Exercise goal » An exact copy of the entries, with every picture omitted, is what is needed here.
--- --- ---
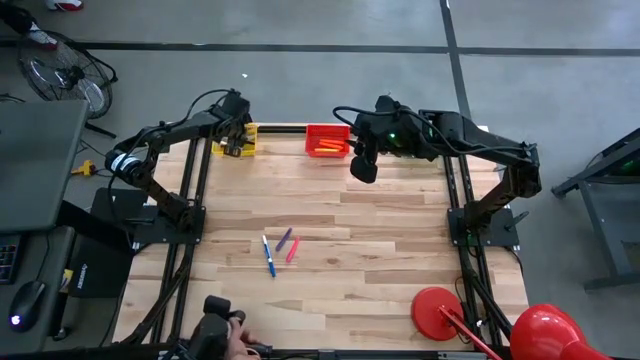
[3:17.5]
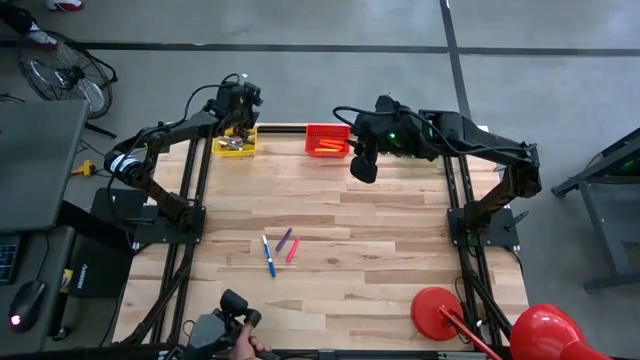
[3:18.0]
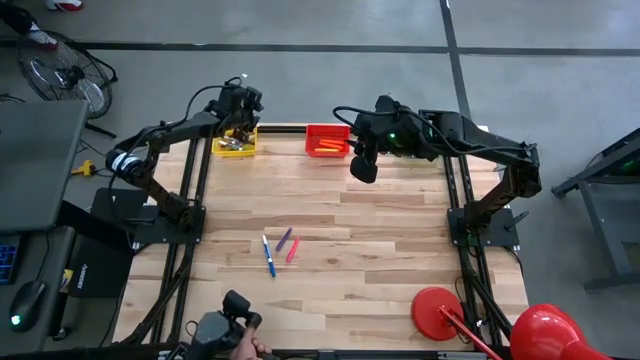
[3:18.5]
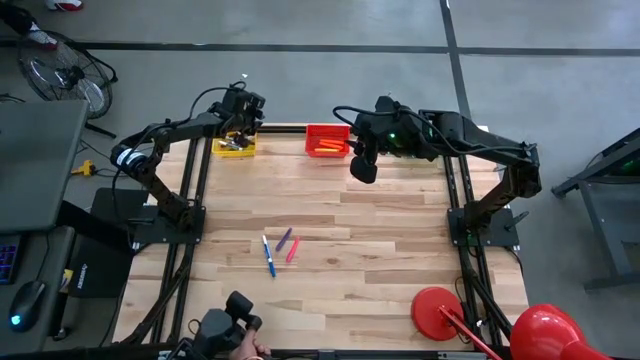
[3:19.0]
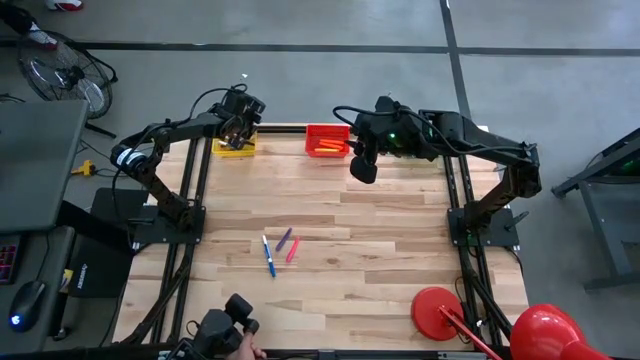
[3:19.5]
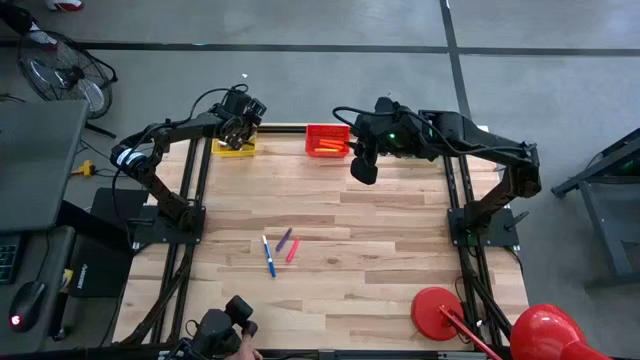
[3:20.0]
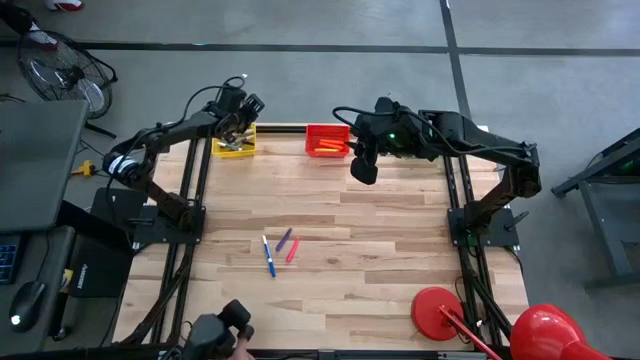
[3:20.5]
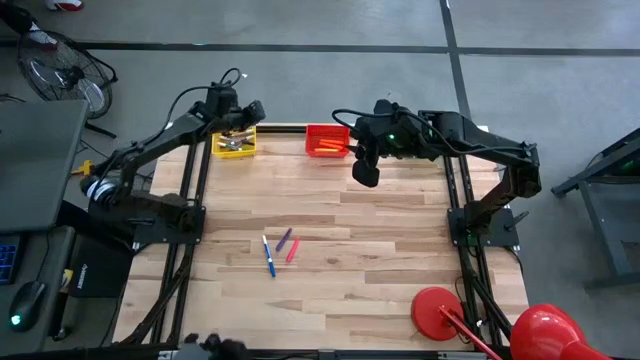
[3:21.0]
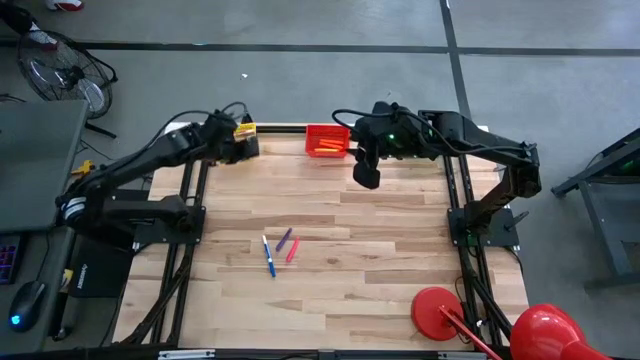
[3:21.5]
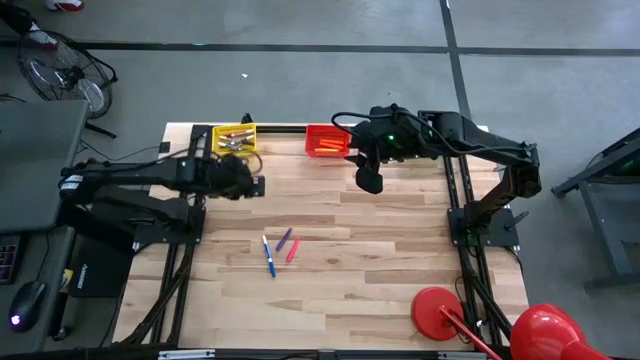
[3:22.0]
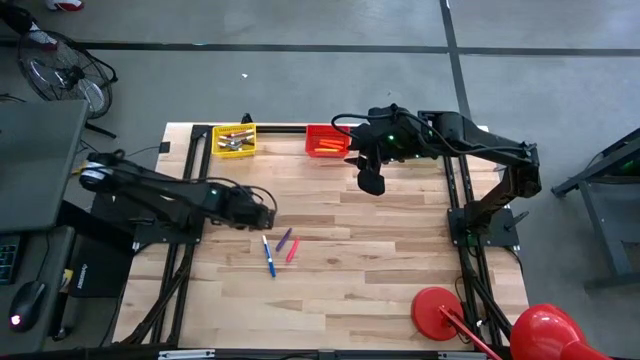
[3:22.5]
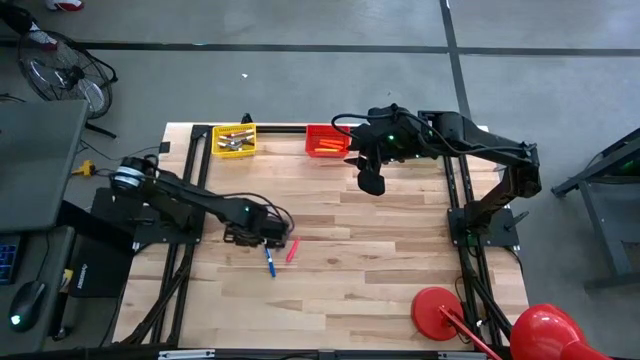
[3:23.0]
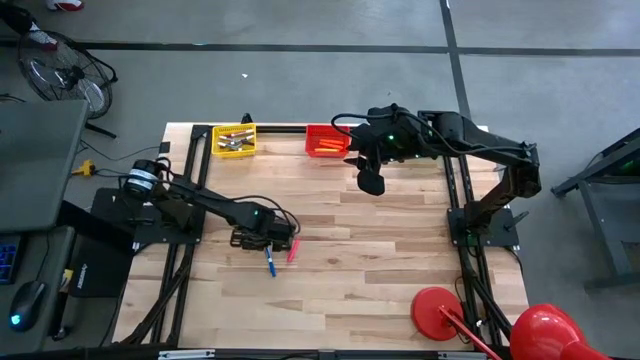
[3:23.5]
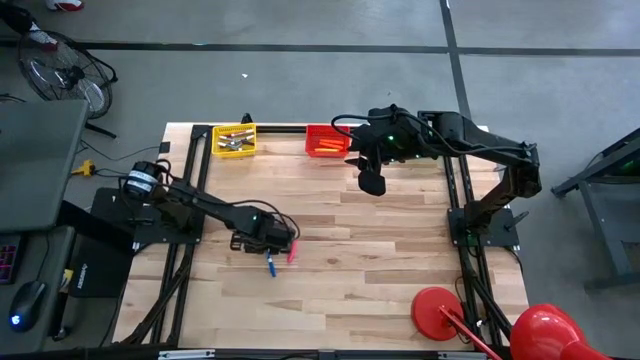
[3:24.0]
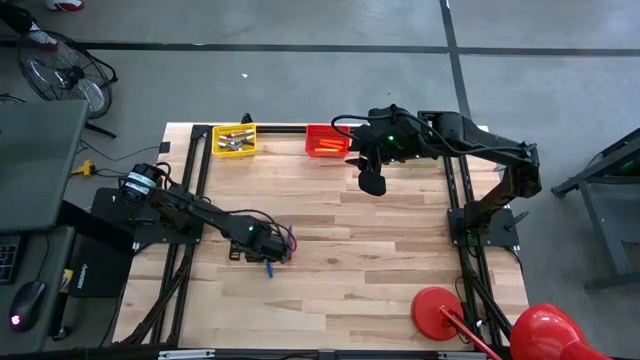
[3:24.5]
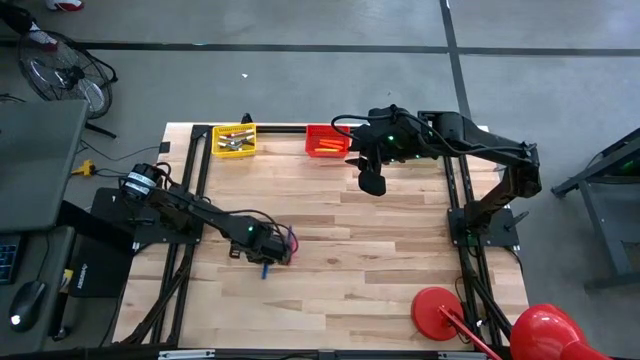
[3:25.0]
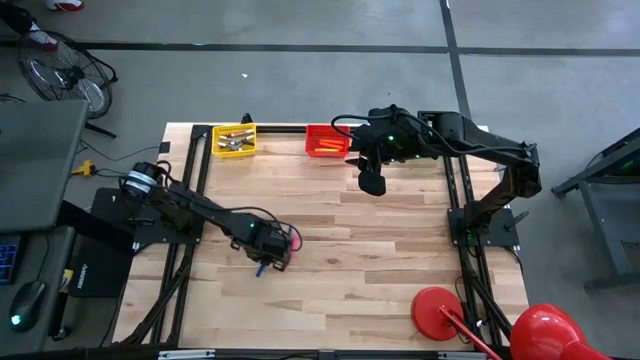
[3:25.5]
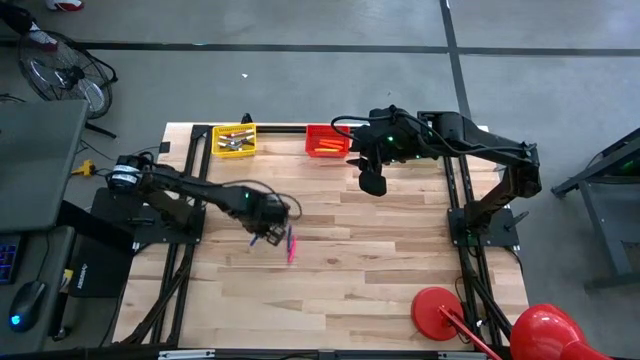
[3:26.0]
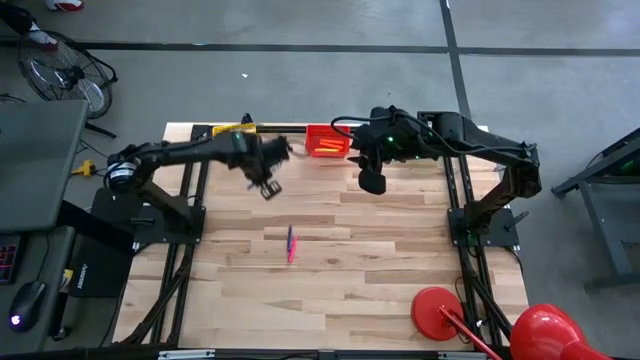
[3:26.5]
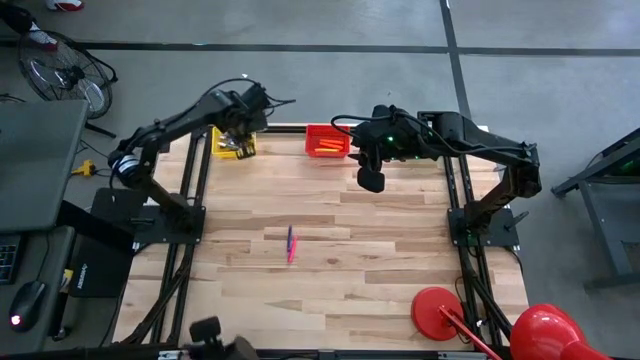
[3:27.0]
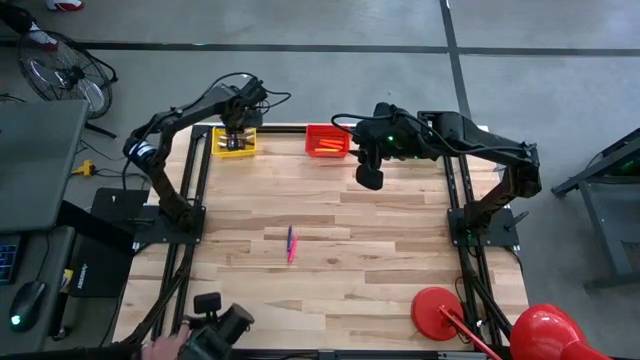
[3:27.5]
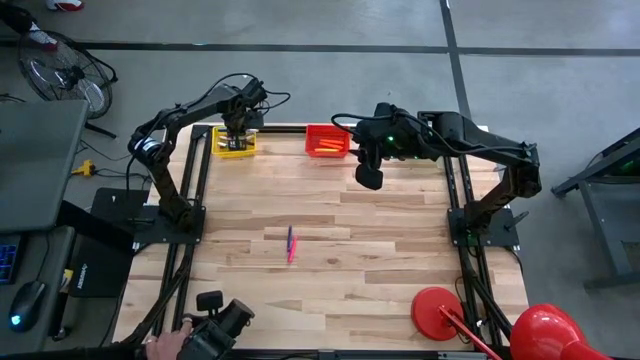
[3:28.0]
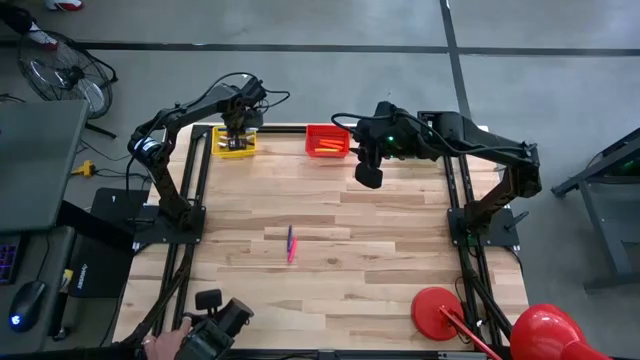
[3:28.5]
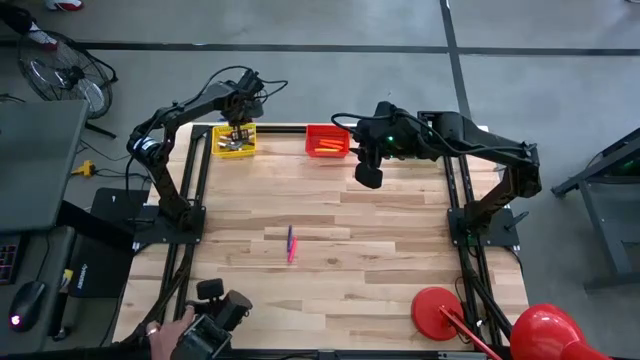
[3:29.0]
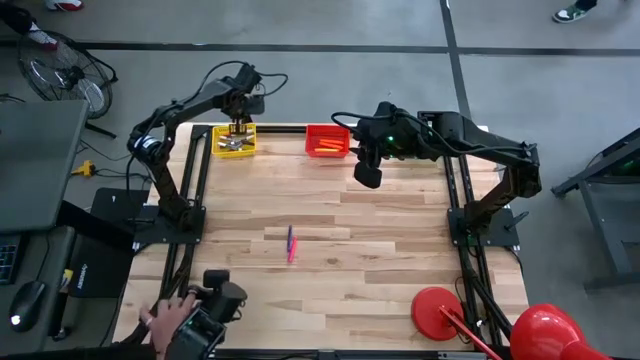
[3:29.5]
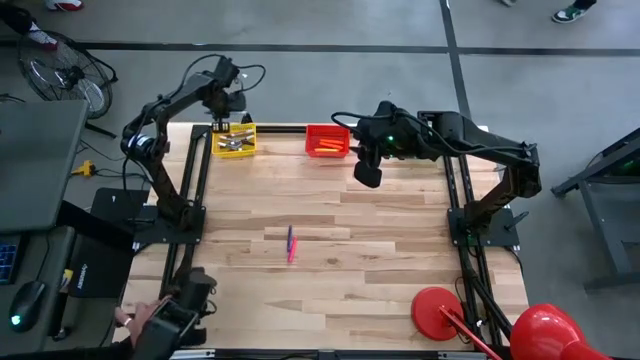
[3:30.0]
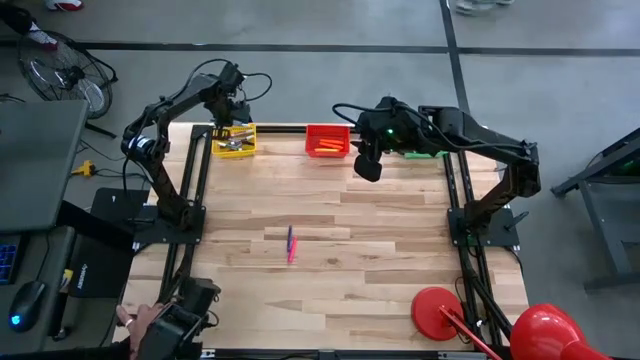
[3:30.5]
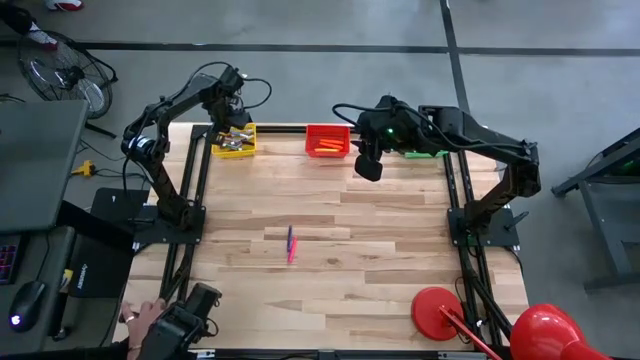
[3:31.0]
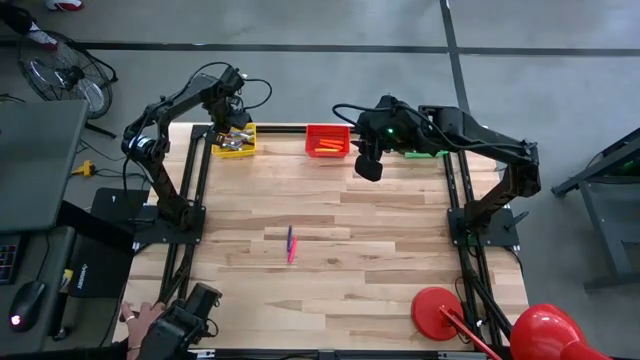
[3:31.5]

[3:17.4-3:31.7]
Task: Pick & Place Markers
Put the blue marker into the yellow bin
--- --- ---
Written answer »
[3:17.5]
[3:18.0]
[3:18.5]
[3:19.0]
[3:19.5]
[3:20.0]
[3:20.5]
[3:21.0]
[3:21.5]
[3:22.0]
[3:22.5]
[3:23.0]
[3:23.5]
[3:24.0]
[3:24.5]
[3:25.0]
[3:25.5]
[3:26.0]
[3:26.5]
[3:27.0]
[3:27.5]
[3:28.0]
[3:28.5]
[3:29.0]
[3:29.5]
[3:30.0]
[3:30.5]
[3:31.0]
[3:31.5]

[3:17.4-3:31.7]
Task: Pick & Place Markers
Put the blue marker into the yellow bin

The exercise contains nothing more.